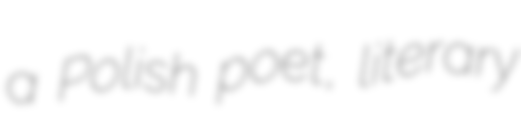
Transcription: a Polish poet, literary
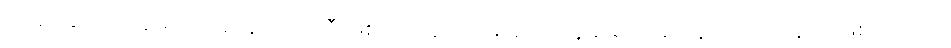
အများဆုံးရတုဆရာသည် နဝဒေးကြီးဖြစ်၍ အကောင်း ဆုံး ရတုဆရာသည် နတ်သျှင်နောင် ဖြစ်သည်ဟု
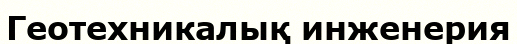
Геотехникалық инженерия
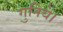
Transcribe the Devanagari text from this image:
गुनिये।
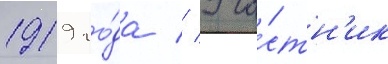
1919 го́да // Уча́стн'ик
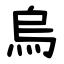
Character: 烏
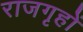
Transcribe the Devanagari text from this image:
राजगृहों
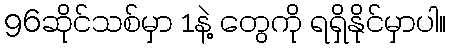
96ဆိုင်သစ်မှာ 1နဲ့ တွေကို ရရှိနိုင်မှာပါ။
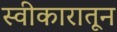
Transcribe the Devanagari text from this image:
स्वीकारातून
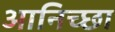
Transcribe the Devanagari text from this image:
आनिच्छा
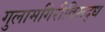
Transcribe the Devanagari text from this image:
गुलामगिरीविरूद्ध
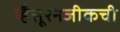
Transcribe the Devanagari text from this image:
म्हैसूरनजीकची
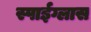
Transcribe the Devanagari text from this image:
स्पाईग्लास

****

Nothing but the lines from the line containing "Character: 烏" to the end of the records above should be repeated, exactly and with every picture omitted.

* RESULT OF THIS TASK:
Character: 烏
Transcribe the Devanagari text from this image:
राजगृहों
96ဆိုင်သစ်မှာ 1နဲ့ တွေကို ရရှိနိုင်မှာပါ။
Transcribe the Devanagari text from this image:
स्वीकारातून
Transcribe the Devanagari text from this image:
आनिच्छा
Transcribe the Devanagari text from this image:
गुलामगिरीविरूद्ध
Transcribe the Devanagari text from this image:
म्हैसूरनजीकची
Transcribe the Devanagari text from this image:
स्पाईग्लास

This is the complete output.